Watch: The Winners Of The iD International Emerging Designer Awards
The votes are in and the winners of this year's prestigious awards are a suitably creative bunch from around the globe
The votes are in and tonight we're pleased to announce the three top prize recipients for this year's iD Dunedin International Emerging Designer Awards.
Finalists from 14 countries filmed themselves and their collections on their phones in their bedrooms over lockdown and submitted their work via video presentations to an esteemed panel of judges from around the world including British milliner Stephen Jones, the New Zealand Fashion Museum's Doris de Pont, Australian journalist Patty Huntington and New Zealand fashion designers Tanya Carlson and Wynn Crawshaw.
We take a closer look at the winners and hear the inspiration behind their winning entries.
Winner iD International Emerging Designer Awards 2020:
Stina Randestad, The Swedish School of Textiles, Boras, Sweden. Collection ‘Hybrids’
Stina Randestad’s collection ‘Hybrids’ swapped the design order to put fabric first. Her design process began with the question of what happens when different materials are put together? Through trial and error, she discovered two fabric manipulation techniques that she continued working with; sewing stretchy and thick materials and cutting and layering materials.
These new materials generated movement and expression when they were draped upon many bodies and from this exercise Stina was able to decide how the fabrics would work best in garments, switching the usual process.
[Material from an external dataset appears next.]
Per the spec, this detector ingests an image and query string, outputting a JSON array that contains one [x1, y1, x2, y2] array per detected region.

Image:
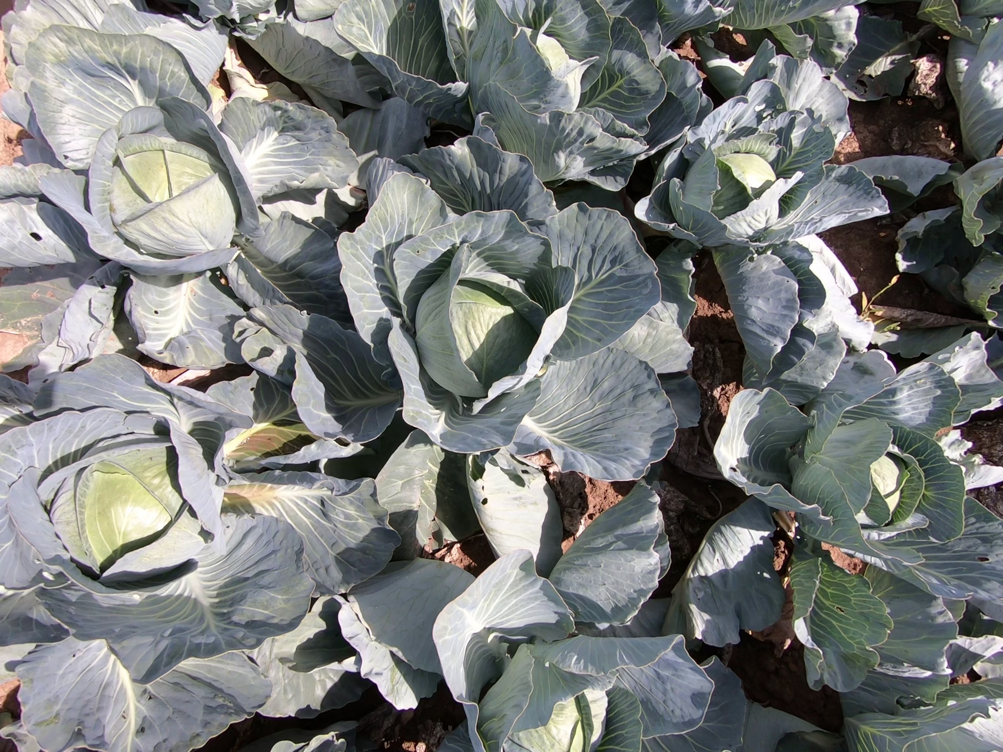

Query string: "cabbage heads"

Judges’ comments about Stina’s collection included: 'Just sublime, outstanding’…'Very exciting approach’…'Excellent use of colour’… ‘Amazing use of fabrics and the manipulation into garments, unexpected combinations created unexpected results.’… ‘Wow! Amazing. Incredible movement, stunning textures, playful, modern, original.’
Shrinvanti Roymoulik, RMIT University, Melbourne, Australia. Collection ‘Flowing Rhythm’.
Srinvanti’s ‘Flowing Rhythm’ collection stems from research around art therapy which explored the principles of rhythm and repetition. She then considered how rhythm and repetition manifest in textile and garment making. Textile art is formed through a process that generates responses in a body, with repetition eventually creating flow in design, which in turn becomes a reflective state of existence.
Judges’ comments about Shrinvanti’s collection included: 'Love, love, love, so beautiful, mystical, ethereal, historical'… ‘makes me want to know more, to touch and wear them and inspect how they are made’….'Impressive sustainable sourcing of waste denim. Love the colours. Wearable yet fashion-forward.’…. ‘Extraordinary handwork, and interesting silhouettes.’
Marlena Czak, Strzeminski Academy of Fine Arts, Lodz Poland. ‘Why me, why me‘
Marlena’s intention was to use design to contrast sacred and profane. Therefore ‘Why me, why me' contains unique fabrics, as well as ready-to-wear patterns. Needle felting with fabric cuttings is designer's own invention. This technique allowed her to make unique, double-faced fabrics.
The left side is full of small after-production cuttings which she puts on the fabric and then pricks with a needle. The right side has fluffy fibres-embroidery. The technique gives a mix of different fibres and colours creating new visual effects. All this creates a vibrant effect which seems to be a never ending spiritual experience. It took about 3000 hours to prepare fabrics for the collection.
Judges’ comments about Marlena’s collection included: ‘Love the shapes Intriguing, unexpected’… ‘Great silhouettes and imaginative presentation’….’Loved the creation of the fabric and the use of both sides. Outstanding collection’.